Deep inside Harry Gwala Regional Hospital in Pietermaritzburg, something is very wrong — and nobody in authority appears to be in a hurry to fix it.

The Pulse has learned that the hospital's stock reporting system has reportedly broken down, with scanners used to track medical supplies and equipment allegedly not functioning as they should. In a public hospital, that is not a technical inconvenience. That is an open door for fraud.

If nothing is being scanned, the question is simple: where is the stock going?

Patients Paying the Price

The consequences on the ground are real. With no reliable tracking system in place, medical supplies meant for patients are reportedly going unaccounted for.

Harry Gwala Regional Hospital — formerly known as Edendale Hospital — is one of the largest public hospitals in South Africa, serving uMgungundlovu District with a population of approximately 1.4 million people. These are largely working class and rural communities who depend almost entirely on public health facilities for their survival. Any leakage of medicines or supplies in this environment is not a paperwork problem. It costs lives.


Fraud or Negligence — Someone Must Answer

The broken system raises two deeply uncomfortable possibilities. Either the hospital has allowed critical infrastructure to collapse through sheer incompetence — or the system is being deliberately kept non-functional so that fraudulent activity can go undetected.

Both scenarios are a betrayal of public trust.
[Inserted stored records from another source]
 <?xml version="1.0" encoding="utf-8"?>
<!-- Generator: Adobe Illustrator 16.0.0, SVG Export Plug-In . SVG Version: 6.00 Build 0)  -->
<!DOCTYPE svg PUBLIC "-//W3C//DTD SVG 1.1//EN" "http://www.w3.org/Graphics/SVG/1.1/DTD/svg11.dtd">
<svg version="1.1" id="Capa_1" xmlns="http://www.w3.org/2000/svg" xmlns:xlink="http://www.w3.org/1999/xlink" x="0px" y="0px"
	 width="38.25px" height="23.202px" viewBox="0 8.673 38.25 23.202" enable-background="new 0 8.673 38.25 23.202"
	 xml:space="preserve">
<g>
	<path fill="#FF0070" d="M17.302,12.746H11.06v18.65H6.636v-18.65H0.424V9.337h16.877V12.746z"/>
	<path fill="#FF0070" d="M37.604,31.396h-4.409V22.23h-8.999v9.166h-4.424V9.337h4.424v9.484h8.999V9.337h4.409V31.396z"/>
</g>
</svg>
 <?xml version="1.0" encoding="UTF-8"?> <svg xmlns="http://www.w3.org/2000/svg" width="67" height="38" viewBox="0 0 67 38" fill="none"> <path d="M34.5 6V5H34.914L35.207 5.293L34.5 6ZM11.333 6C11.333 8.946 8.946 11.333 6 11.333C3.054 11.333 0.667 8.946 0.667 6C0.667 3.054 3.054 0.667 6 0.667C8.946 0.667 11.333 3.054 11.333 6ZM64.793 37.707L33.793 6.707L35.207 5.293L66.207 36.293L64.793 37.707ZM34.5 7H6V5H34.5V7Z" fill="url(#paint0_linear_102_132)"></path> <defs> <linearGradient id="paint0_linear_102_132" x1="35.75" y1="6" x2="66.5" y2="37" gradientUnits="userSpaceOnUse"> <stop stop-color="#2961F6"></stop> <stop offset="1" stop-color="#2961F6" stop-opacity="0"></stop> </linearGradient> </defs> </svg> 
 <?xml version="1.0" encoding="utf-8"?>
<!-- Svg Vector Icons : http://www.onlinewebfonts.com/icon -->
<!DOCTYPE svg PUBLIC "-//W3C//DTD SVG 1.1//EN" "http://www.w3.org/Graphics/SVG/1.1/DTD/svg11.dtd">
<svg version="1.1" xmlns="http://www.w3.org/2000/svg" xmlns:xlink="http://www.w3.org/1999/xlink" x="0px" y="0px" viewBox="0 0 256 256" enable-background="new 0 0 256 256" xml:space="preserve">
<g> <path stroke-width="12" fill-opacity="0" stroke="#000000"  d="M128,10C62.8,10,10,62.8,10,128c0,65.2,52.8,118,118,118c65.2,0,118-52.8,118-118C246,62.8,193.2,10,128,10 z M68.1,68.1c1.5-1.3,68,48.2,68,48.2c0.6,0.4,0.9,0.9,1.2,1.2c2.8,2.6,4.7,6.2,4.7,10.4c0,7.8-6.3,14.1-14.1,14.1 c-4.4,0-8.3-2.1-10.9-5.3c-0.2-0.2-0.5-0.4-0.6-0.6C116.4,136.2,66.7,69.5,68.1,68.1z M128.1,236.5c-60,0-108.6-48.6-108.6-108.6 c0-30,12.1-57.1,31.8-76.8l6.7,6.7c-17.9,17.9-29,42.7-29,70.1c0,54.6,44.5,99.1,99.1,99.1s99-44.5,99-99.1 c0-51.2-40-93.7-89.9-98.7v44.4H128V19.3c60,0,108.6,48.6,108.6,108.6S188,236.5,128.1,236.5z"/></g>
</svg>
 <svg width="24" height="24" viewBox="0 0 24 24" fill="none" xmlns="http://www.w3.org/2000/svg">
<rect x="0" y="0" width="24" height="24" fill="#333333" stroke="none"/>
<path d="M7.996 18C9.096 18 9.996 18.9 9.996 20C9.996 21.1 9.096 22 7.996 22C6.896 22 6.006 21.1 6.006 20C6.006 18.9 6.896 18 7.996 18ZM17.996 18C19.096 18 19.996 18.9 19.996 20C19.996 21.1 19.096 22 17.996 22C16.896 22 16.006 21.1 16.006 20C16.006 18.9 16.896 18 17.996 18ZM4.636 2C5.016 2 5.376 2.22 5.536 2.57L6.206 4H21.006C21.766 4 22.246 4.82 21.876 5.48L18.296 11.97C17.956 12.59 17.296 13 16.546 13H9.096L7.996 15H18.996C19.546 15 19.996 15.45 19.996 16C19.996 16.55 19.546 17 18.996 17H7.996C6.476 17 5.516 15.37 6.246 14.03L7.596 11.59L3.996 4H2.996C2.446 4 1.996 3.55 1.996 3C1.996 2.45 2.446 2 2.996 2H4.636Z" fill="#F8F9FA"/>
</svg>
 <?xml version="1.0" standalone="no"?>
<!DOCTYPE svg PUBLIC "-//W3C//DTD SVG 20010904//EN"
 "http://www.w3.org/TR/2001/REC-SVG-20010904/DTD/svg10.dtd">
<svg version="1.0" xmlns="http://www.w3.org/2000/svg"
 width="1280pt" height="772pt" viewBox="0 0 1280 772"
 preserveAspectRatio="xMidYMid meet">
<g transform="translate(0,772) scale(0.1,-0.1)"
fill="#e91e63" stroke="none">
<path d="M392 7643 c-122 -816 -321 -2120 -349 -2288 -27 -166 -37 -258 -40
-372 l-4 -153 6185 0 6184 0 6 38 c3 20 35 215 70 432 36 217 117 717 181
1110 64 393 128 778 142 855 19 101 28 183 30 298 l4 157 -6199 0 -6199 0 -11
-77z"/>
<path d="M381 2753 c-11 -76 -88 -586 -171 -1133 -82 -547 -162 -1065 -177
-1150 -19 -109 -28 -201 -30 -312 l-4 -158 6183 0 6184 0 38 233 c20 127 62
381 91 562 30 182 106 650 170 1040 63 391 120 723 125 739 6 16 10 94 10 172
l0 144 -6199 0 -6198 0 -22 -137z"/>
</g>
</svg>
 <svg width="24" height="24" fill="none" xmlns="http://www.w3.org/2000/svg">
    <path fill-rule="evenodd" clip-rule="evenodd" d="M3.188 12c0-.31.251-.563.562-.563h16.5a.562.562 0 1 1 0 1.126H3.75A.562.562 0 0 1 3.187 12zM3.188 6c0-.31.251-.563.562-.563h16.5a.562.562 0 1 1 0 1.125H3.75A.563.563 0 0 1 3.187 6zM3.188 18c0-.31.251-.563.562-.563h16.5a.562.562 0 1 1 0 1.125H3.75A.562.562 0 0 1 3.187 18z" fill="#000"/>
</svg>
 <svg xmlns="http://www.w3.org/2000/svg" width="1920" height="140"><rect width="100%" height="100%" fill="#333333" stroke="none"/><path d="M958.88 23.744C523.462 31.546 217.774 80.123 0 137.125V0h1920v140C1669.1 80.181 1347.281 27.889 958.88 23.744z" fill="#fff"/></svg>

Both demand urgent answers.

KZN's Department of Health is no stranger to supply chain controversy. The province carries a long and troubled history of procurement irregularities, many of which were exposed during the COVID-19 pandemic — scandals that cost the province billions and left communities with nothing.

Staff on the ground, sources indicate, are frustrated — and wary. The system is broken, the accountability is absent, and the people who suffer most are the patients who have nowhere else to turn.